You have to plan for yourselves.

Almost 7 yrs into FIRE, and in a period of low inflation, we find we need noticeably more bux to do the same things now than in 2006. We got a break during the recession when dining out and some other things actually got cheaper. But prices for restaurants, entertainment, groceries, energy, real estate taxes, etc., are all on the move again.

I'd test your plan with historical CPI in FireCalc. Don't make the mistake of talking yourself out of the impact of inflation.
 
Thanks for the input. I guess in my simple way of thinking, most persons in retirement are not in such a high consumption mode and I would think could also more easily modify consumption. House paid off, college for kids paid for...keep driving the same old clunker for shorter distances, etc.

You may not buy as much absolute stuff, but all of your expenses are still "consumption". Only a few expenses are not subject to inflation (mortgage P&I comes to mind).
 
I have become a big fan of firecalc thanks to this forum. When using firecalc I usually use the default CPI but have also played around with changing the inflation percentage. Similar to other posters, I'm shocked at the difference a small change in inflation creates. So first question: What percentage do most use for this?

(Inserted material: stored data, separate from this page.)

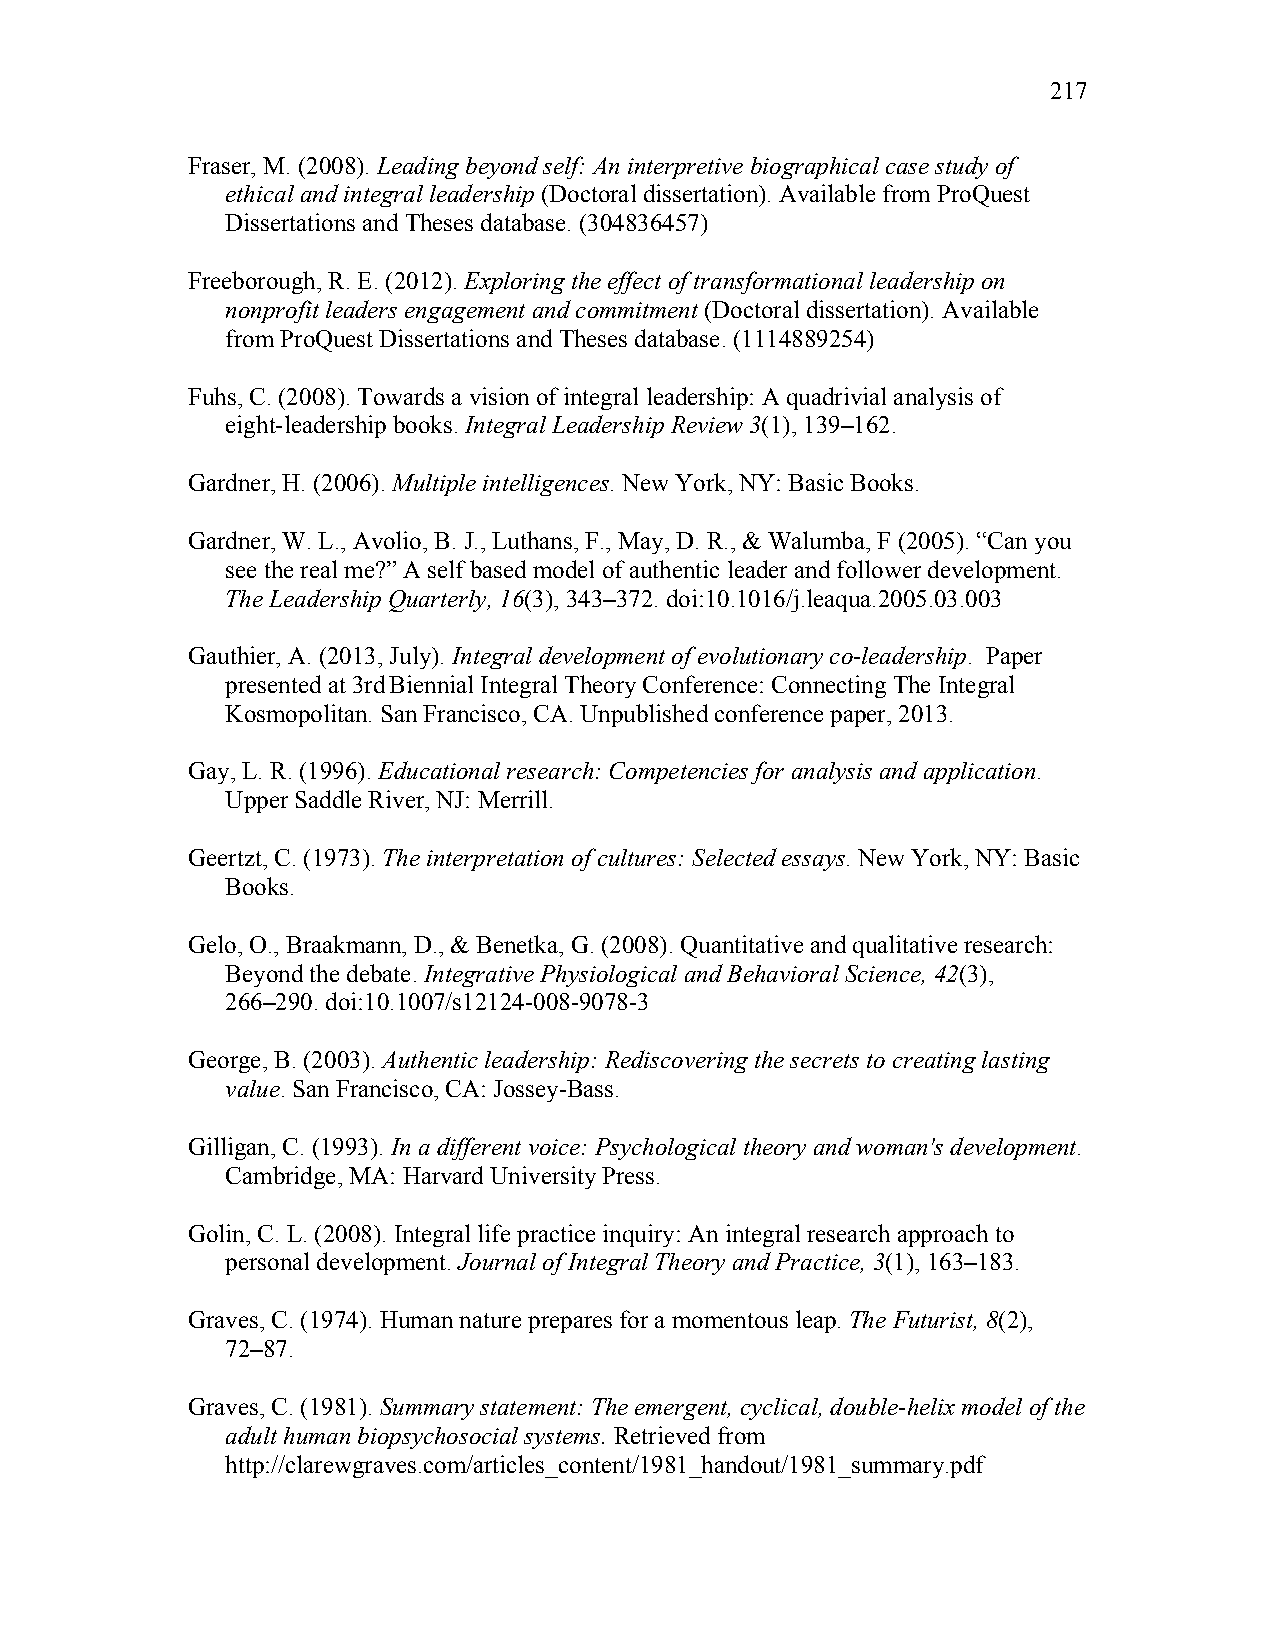
217
 Fraser, M. (2008). Leading beyond self: An interpretive biographical case study of
 ethical and integral leadership (Doctoral dissertation). Available from ProQuest
 Dissertations and Theses database. (304836457)
 Freeborough, R. E. (2012). Exploring the effect of transformational leadership on
 nonprofit leaders engagement and commitment (Doctoral dissertation). Available
 from ProQuest Dissertations and Theses database. (1114889254)
 Fuhs, C. (2008). Towards a vision of integral leadership: A quadrivial analysis of
 eight-leadership books. Integral Leadership Review 3(1), 139–162.
 Gardner, H. (2006). Multiple intelligences. New York, NY: Basic Books.
 Gardner, W. L., Avolio, B. J., Luthans, F., May, D. R., & Walumba, F (2005). “Can you
 see the real me?” A self based model of authentic leader and follower development.
 The Leadership Quarterly, 16(3), 343–372. doi:10.1016/j.leaqua.2005.03.003
 Gauthier, A. (2013, July). Integral development of evolutionary co-leadership. Paper
 presented at 3rd Biennial Integral Theory Conference: Connecting The Integral
 Kosmopolitan. San Francisco, CA. Unpublished conference paper, 2013.
 Gay, L. R. (1996). Educational research: Competencies for analysis and application.
 Upper Saddle River, NJ: Merrill.
 Geertzt, C. (1973). The interpretation of cultures: Selected essays. New York, NY: Basic
 Books.
 Gelo, O., Braakmann, D., & Benetka, G. (2008). Quantitative and qualitative research:
 Beyond the debate. Integrative Physiological and Behavioral Science, 42(3),
 266–290. doi:10.1007/s12124-008-9078-3
 George, B. (2003). Authentic leadership: Rediscovering the secrets to creating lasting
 value. San Francisco, CA: Jossey-Bass.
 Gilligan, C. (1993). In a different voice: Psychological theory and woman's development.
 Cambridge, MA: Harvard University Press.
 Golin, C. L. (2008). Integral life practice inquiry: An integral research approach to
 personal development. Journal of Integral Theory and Practice, 3(1), 163–183.
 Graves, C. (1974). Human nature prepares for a momentous leap. The Futurist, 8(2),
 72–87.
 Graves, C. (1981). Summary statement: The emergent, cyclical, double-helix model of the
 adult human biopsychosocial systems. Retrieved from
 http://clarewgraves.com/articles_content/1981_handout/1981_summary.pdf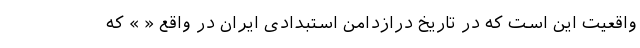
واقعیت این است که در تاریخ دراز‌دامن استبدادی ایران در واقع « » که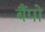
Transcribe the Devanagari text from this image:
बैंपो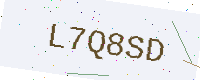
Text: L7Q8SD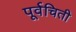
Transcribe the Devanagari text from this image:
पूर्वचिती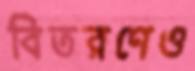
বিতরণেও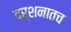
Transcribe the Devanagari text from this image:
दर्शनातच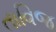
તાવિજ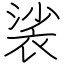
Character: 裟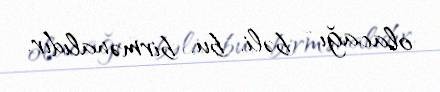
olacağı - bəli, bu, birmənalıdır.

I've been using 3.25% - 4%, based on Decade Inflation Chart

FWIW, SmartMoney Retirement Planner - SmartMoney.com allows you to adjust/use different inflation rates for different expense categories (Housing, Transport, Medical, Essentials, Discretionary). By breaking down expenses, it's possible to assign a weighted average for use in FireCalc.

Thanks for the input. I guess in my simple way of thinking, most persons in retirement are not in such a high consumption mode and I would think could also more easily modify consumption.

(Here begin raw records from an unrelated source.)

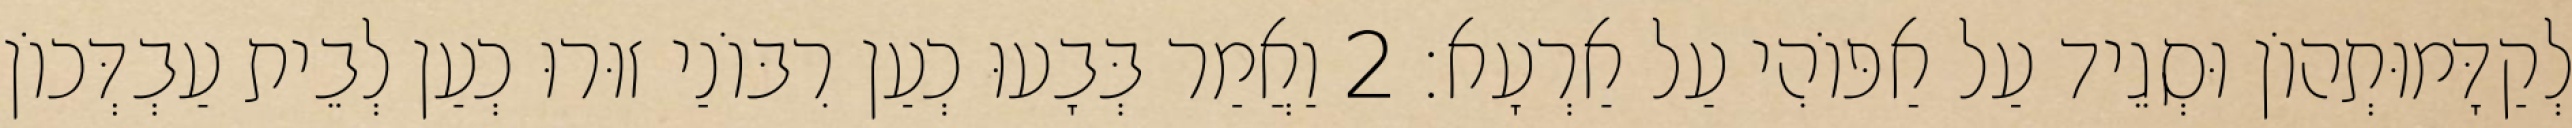
לְקַדָּמוּתְהוֹן וּסְגֵיד עַל אַפּוֹהִי עַל אַרְעָא׃ 2 וַאֲמַר בְּבָעוּ כְעַן רִבּוֹנַי זוּרוּ כְעַן לְבֵית עַבְדְּכוֹן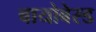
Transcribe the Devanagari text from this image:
बायोबेस्ड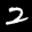
Label: 2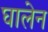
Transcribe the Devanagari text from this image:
घालेन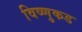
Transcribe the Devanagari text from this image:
विष्णुकड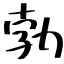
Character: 勃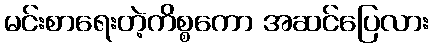
မင်းစာရေးတဲ့ကိစ္စကော အဆင်ပြေလား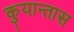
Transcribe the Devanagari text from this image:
कुयान्तास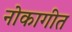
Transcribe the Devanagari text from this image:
नोकागीत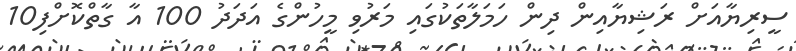
ސީރިޔާއަށް ރަޝިޔާއިން ދިން ހަމަލާތަކުގައި މަރުވި މީހުންގެ އަދަދު 100 އާ ގާތްކޮށްފި10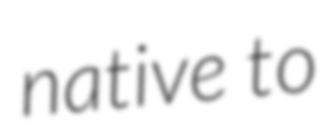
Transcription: native to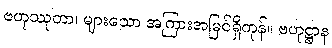
ဗဟုဿုတာ၊ များသော အကြားအမြင်ရှိကုန်။ ဗဟုဋ္ဌာန
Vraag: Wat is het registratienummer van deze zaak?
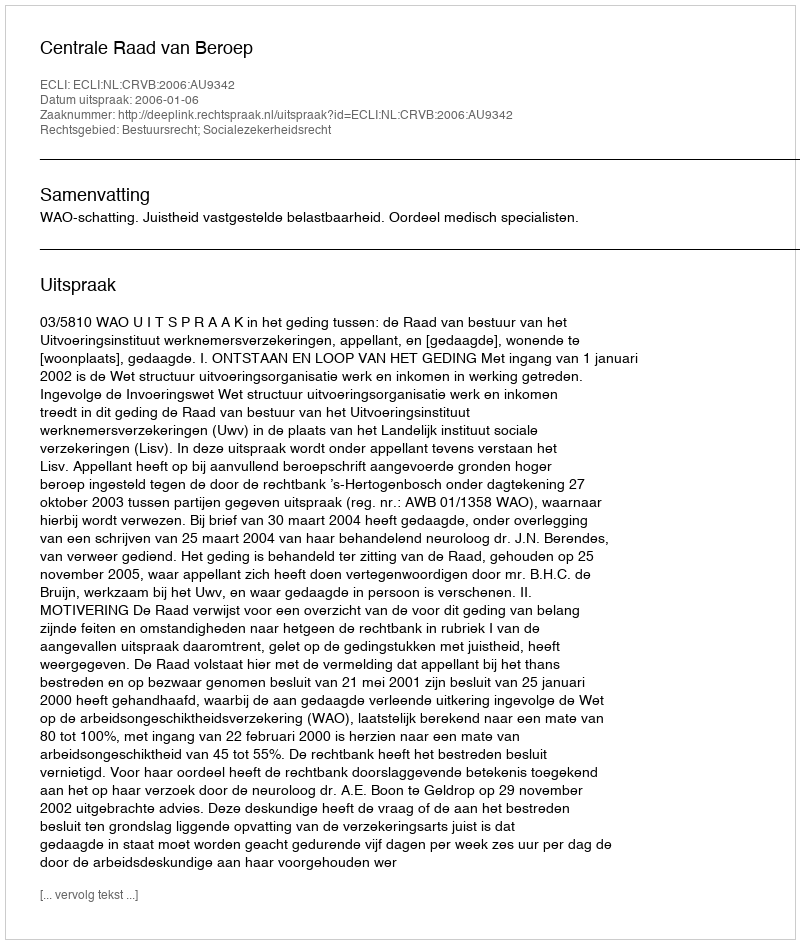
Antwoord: http://deeplink.rechtspraak.nl/uitspraak?id=ECLI:NL:CRVB:2006:AU9342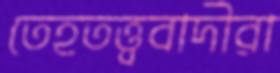
তেহতত্ত্ববাদীরা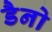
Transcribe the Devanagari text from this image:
डैनो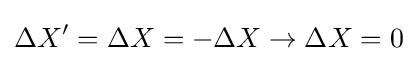
\Delta X'=\Delta X=-\Delta X\rightarrow \Delta X=0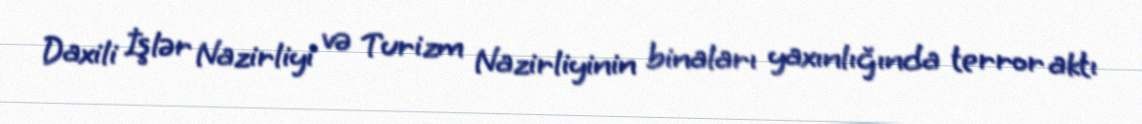
Daxili İşlər Nazirliyi və Turizm Nazirliyinin binaları yaxınlığında terror aktı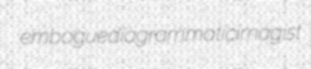
embogue diagrammatic imagist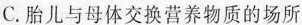
C.胎儿与母体交换营养物质的场所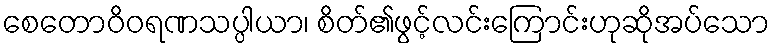
စေတောဝိဝရဏသပ္ပါယာ၊ စိတ်၏ဖွင့်လင်းကြောင်းဟုဆိုအပ်သော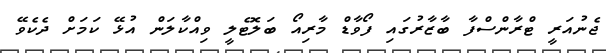
ޖެނުއަރީ ޓްރާންސްފާ ބާޒާރުގައި ފޯވާޑް މާރިއޯ ބަލޮޓެލީ ވިއްކާލަން އުޅޭ ކަމަށް ދެކެވޭ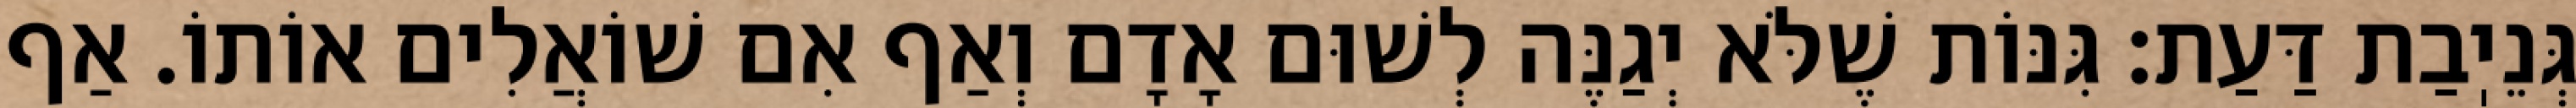
גְּנֵיֽבַת דַּעַת: גִּנּוֹת שֶׁלֹּא יְגַנֶּה לְשׁוּם אָדָם וְאַף אִם שׁוֹאֲלִים אוֹתוֹ. אַף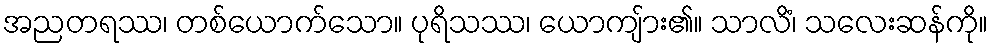
အညတရဿ၊ တစ်ယောက်သော။ ပုရိသဿ၊ ယောကျ်ား၏။ သာလိံ၊ သလေးဆန်ကို။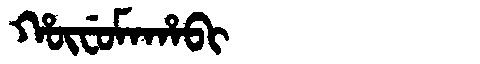
Manchu: ᡥᡡᠸᡠᠮᠠᡥᠠᠪᡳ
Romanization: HŪFUMAHABI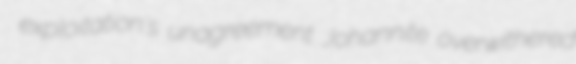
exploitation's unagreement Johannite overwithered

Also, some theories state consumption/expenses tend to be higher in early retirement than in later years.

Tyro
 
In retirement there is great freedom to implement one's own version of "chained CPI". One is free to move pretty much anywhere and dial in one's preference for things such as weather, taxes, rural vs city etc etc. Likewise, it's easy to substitute and improvise. Produce goes thru the roof - we grow our own. Gas prices spike? I no longer have to commute to a job so instead of driving to town every day, once a week will do. If I'm really serious about it, move to an area of town within walking distance of grocery stores etc. Gas prices no longer a factor. To me the essence of ER is that I pretty much have maximum freedom (as is possible in this world anyway) to change my environment to suit my needs. And that includes dealing with inflation.